I'll assume after you register, the game proceeds like the last problem, except there are now 11 people in your group and 10 in the other.

The only real way to survive is if all the killers kill each other (other than you) without any of them meeting you.

How to model the randomness of these meetings?

Assume each valid configuration of pairings is equally likely in each round.

What if there are an odd number of people?

Then I guess one person doesn't meet with anyone.

First assume n is even.

Number of possible pairings is given by multinomial formula (divided by (n/2)! to make ordering of pairings not matter):

n!/((n/2)!2!*2!*2!...)

where there are n/2 many 2!s on the bottom, and (n/2)! i.e.

n!/(2^(n/2)*(n/2)!)

If there are k killers (excluding you) of those n, then the chance of you meeting with one of them is....

well, how many possible ways can you meet with a killer?

need to choose 1 of the k killers

k possibilities for that

The other pairings need to happen now. The rest of the folks now number n-2 and there should be n/2-1 pairings now.

The probability of you dying is therefore

k*(n-2)!/((n/2-1)!2^(n/2-1))/(n!/((n/2)!2^(n/2)))

This simplifies to:

k/(n-1)

This is the chance of you meeting a killer.

The chance of you surviving is one minus this.

1 - k/(n-1)

If n is odd, the you have a 1/n chance of being selected as the odd man out.

The probability becomes:

1/n + (1-1/n)*(1-k/(n-1))

In the beginning, n = 21 and k=10, which gives you a 11/21 ~ 0.52 chance of surviving the first round.

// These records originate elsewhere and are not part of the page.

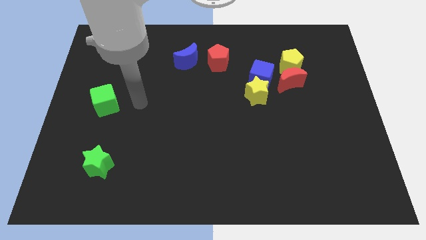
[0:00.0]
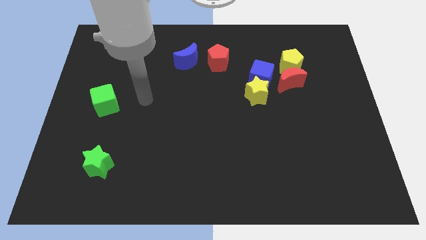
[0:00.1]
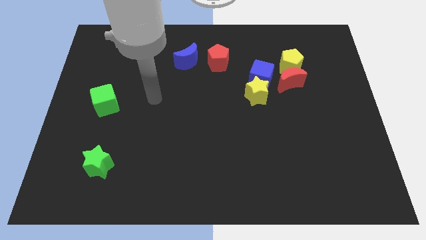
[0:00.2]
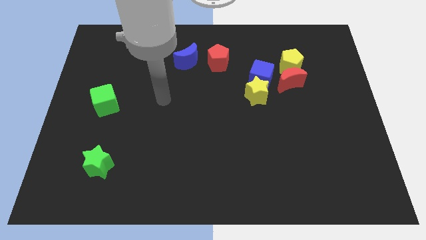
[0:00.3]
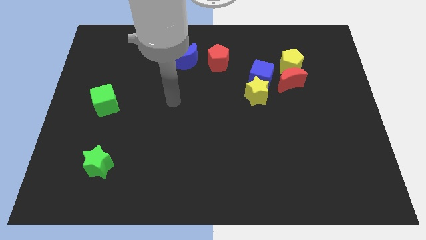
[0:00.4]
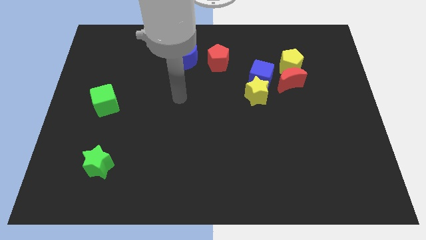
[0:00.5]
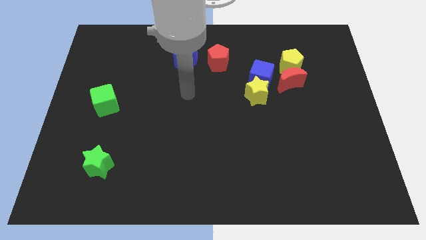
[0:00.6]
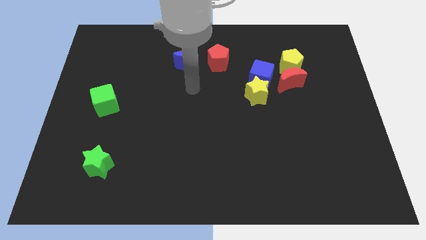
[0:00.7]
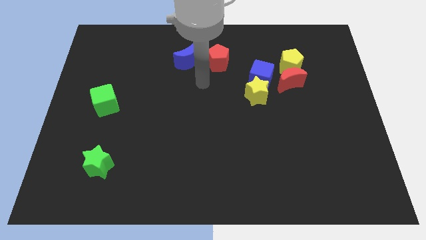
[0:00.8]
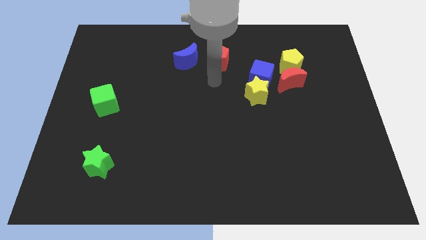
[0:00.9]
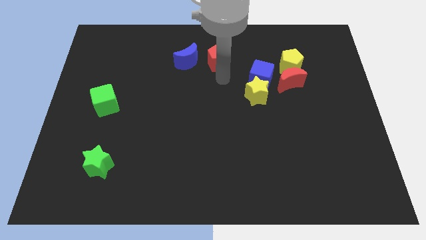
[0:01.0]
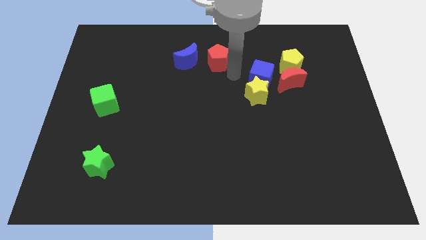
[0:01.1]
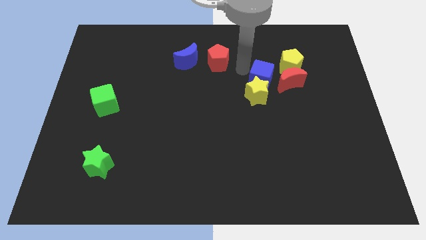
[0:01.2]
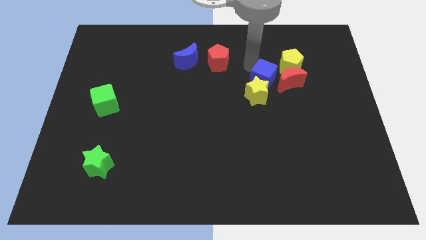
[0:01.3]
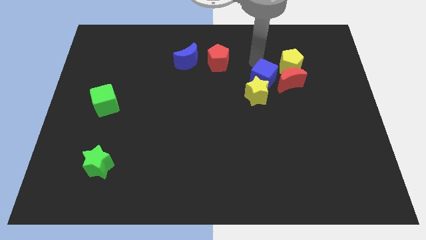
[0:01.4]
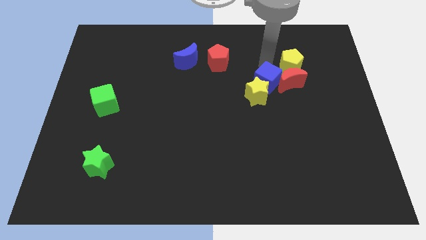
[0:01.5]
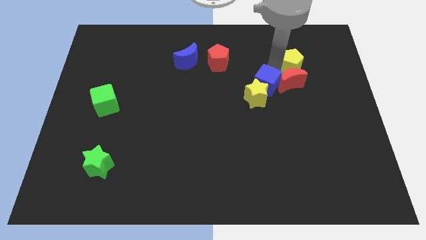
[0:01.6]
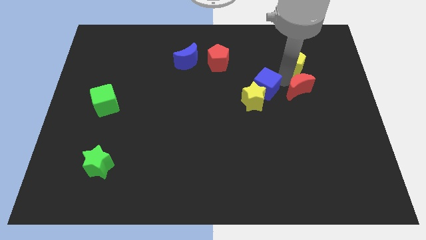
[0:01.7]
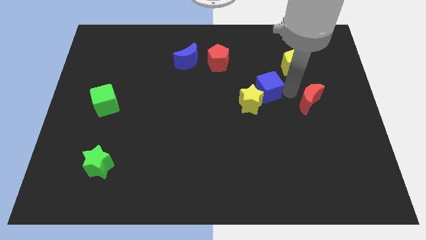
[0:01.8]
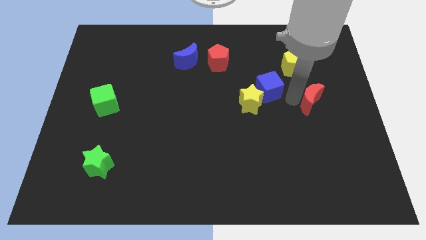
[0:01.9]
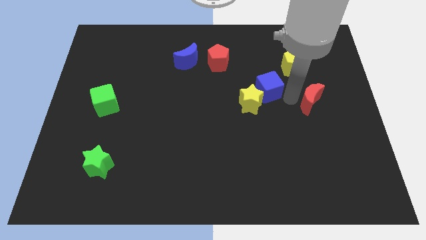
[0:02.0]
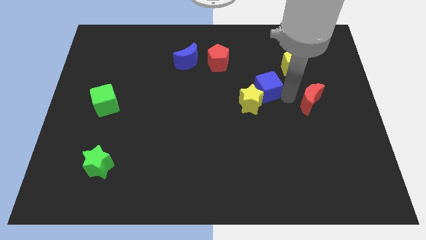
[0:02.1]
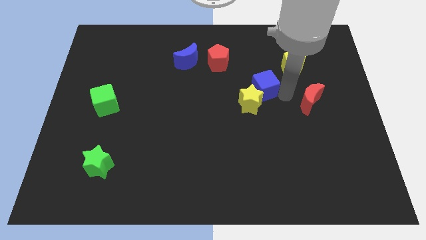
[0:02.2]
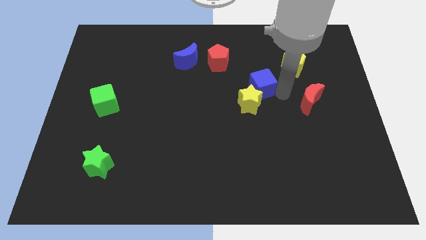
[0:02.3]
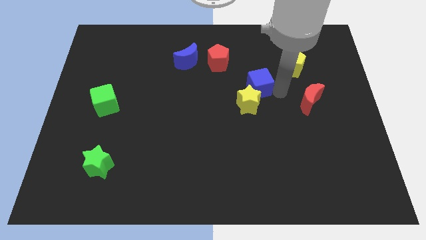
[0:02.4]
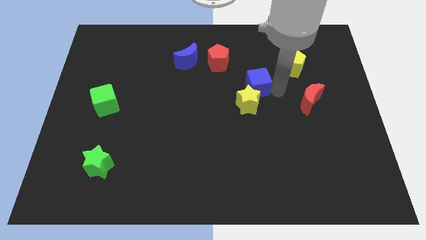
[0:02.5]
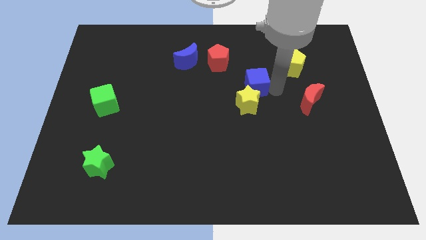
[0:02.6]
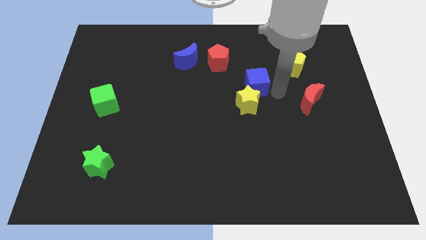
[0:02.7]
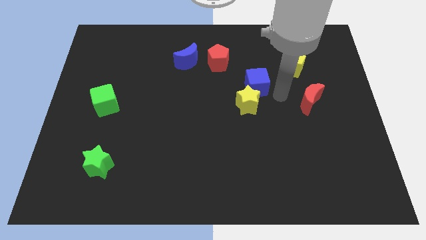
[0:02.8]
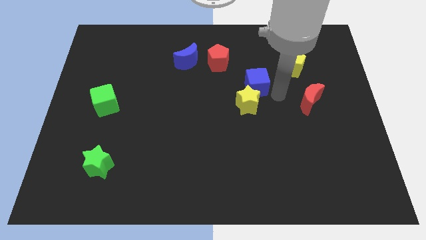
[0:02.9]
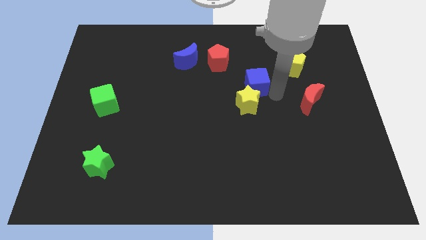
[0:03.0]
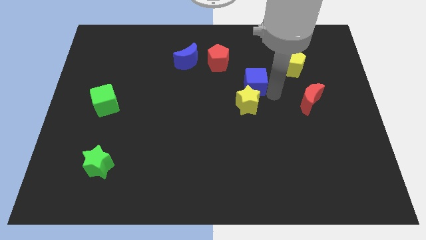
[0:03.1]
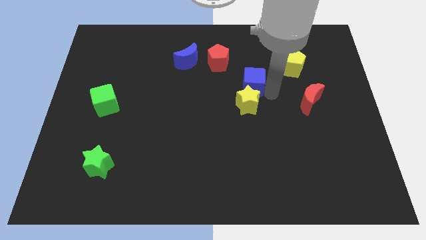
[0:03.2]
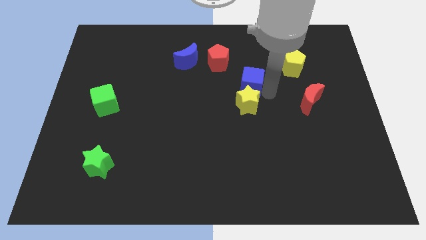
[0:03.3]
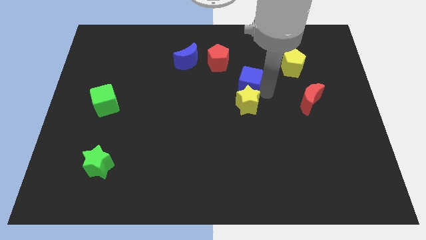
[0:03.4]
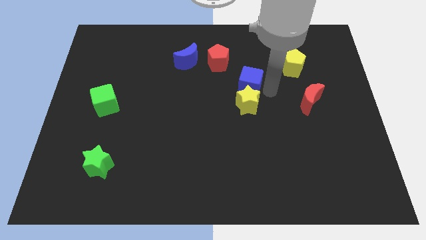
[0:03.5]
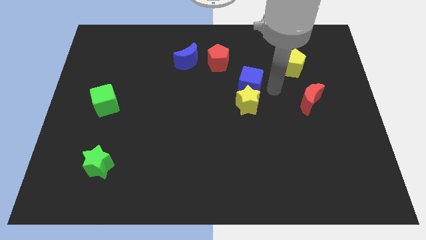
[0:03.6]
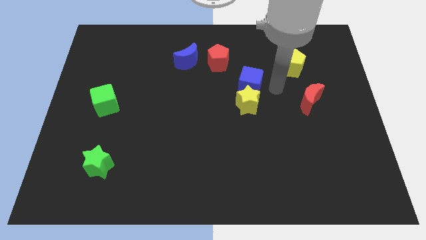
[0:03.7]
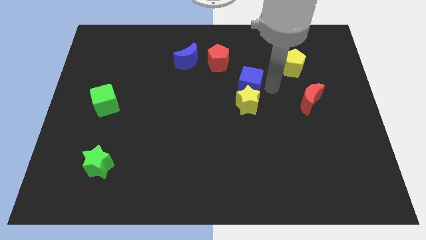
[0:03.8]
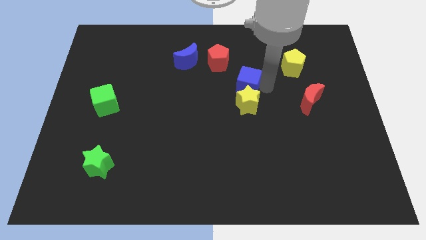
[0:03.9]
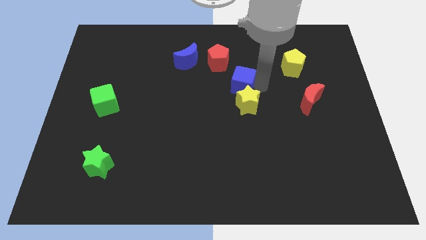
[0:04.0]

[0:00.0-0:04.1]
separate the blue cube from the yellow star, red moon, and yellow pentagon

The way you register does not affect your survival chances on the first round (k excludes you, so numerically your choice changes nothing).

Also, if you are a killer, it won't really help you, since you only get the opportunity to kill when you are dying.

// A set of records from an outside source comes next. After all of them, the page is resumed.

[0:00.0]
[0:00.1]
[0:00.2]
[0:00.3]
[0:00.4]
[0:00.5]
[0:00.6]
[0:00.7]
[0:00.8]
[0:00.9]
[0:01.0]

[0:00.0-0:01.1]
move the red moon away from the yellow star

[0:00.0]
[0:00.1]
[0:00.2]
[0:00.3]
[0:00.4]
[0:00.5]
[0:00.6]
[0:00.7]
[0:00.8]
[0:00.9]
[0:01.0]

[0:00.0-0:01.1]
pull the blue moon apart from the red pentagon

In either case, your only hope is to never touch a killer.

If you are a killer and that happens, then each round you were either an odd man out or you killed some pacifists each round.

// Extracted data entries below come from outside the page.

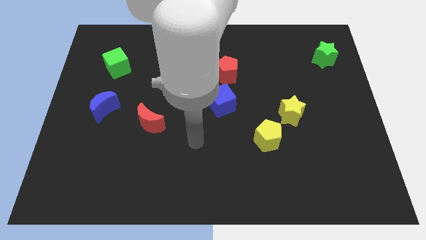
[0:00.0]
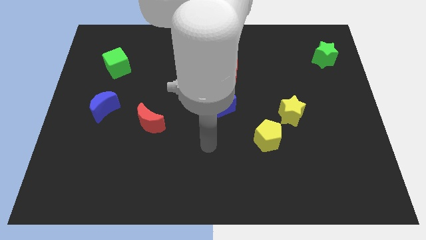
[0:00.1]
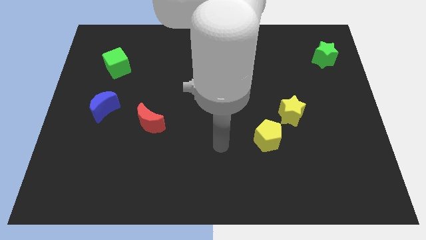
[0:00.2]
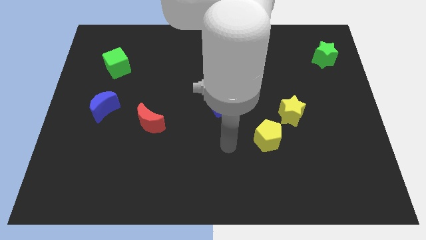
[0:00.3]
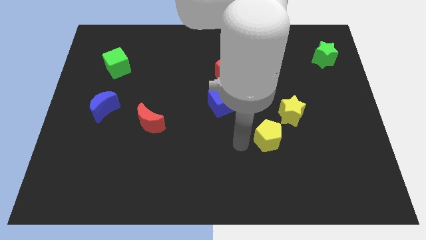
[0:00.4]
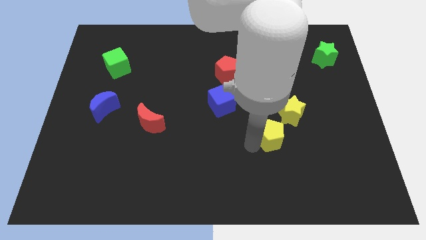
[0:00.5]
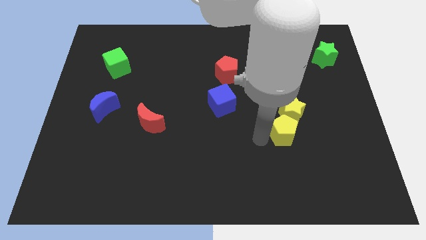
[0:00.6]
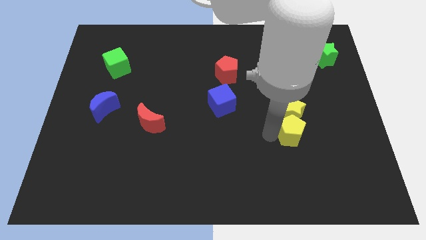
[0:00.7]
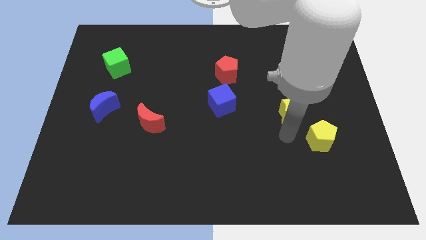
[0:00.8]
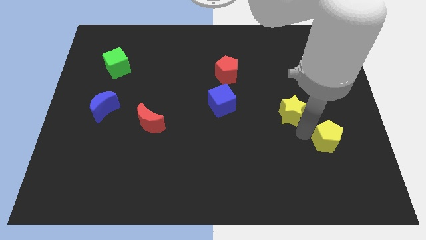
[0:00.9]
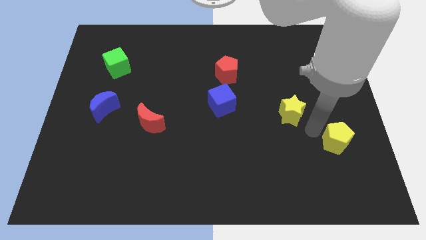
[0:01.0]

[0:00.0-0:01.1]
move the yellow star away from the yellow pentagon

Are you better off with more pacifists or less pacifists?

Well, if we believe that at each round, if there are n people, the probability of you surviving is

given above, then it is better to have more pacifists around, since those equations increase with n (positive derivative).

Therefore, you don't want to kill pacifists, because they are protecting you by taking bullets for you.

You therefore want to be a pacifist to maximize the number of people who can take bullets for you in the hopes that the killers all kill eachother and other pacifists before ever meeting you.

"

If n is odd, the you have a 1/n chance of being selected as the odd man out.

The probability becomes:

1/n + (1-1/n)*(1-k/(n-1))

"

should be

1/n + (k/n)*(1-(k-1)/(n-2)) + (n-k-1)/n*(1-k/(n-2))

need to account for odd man out being killer.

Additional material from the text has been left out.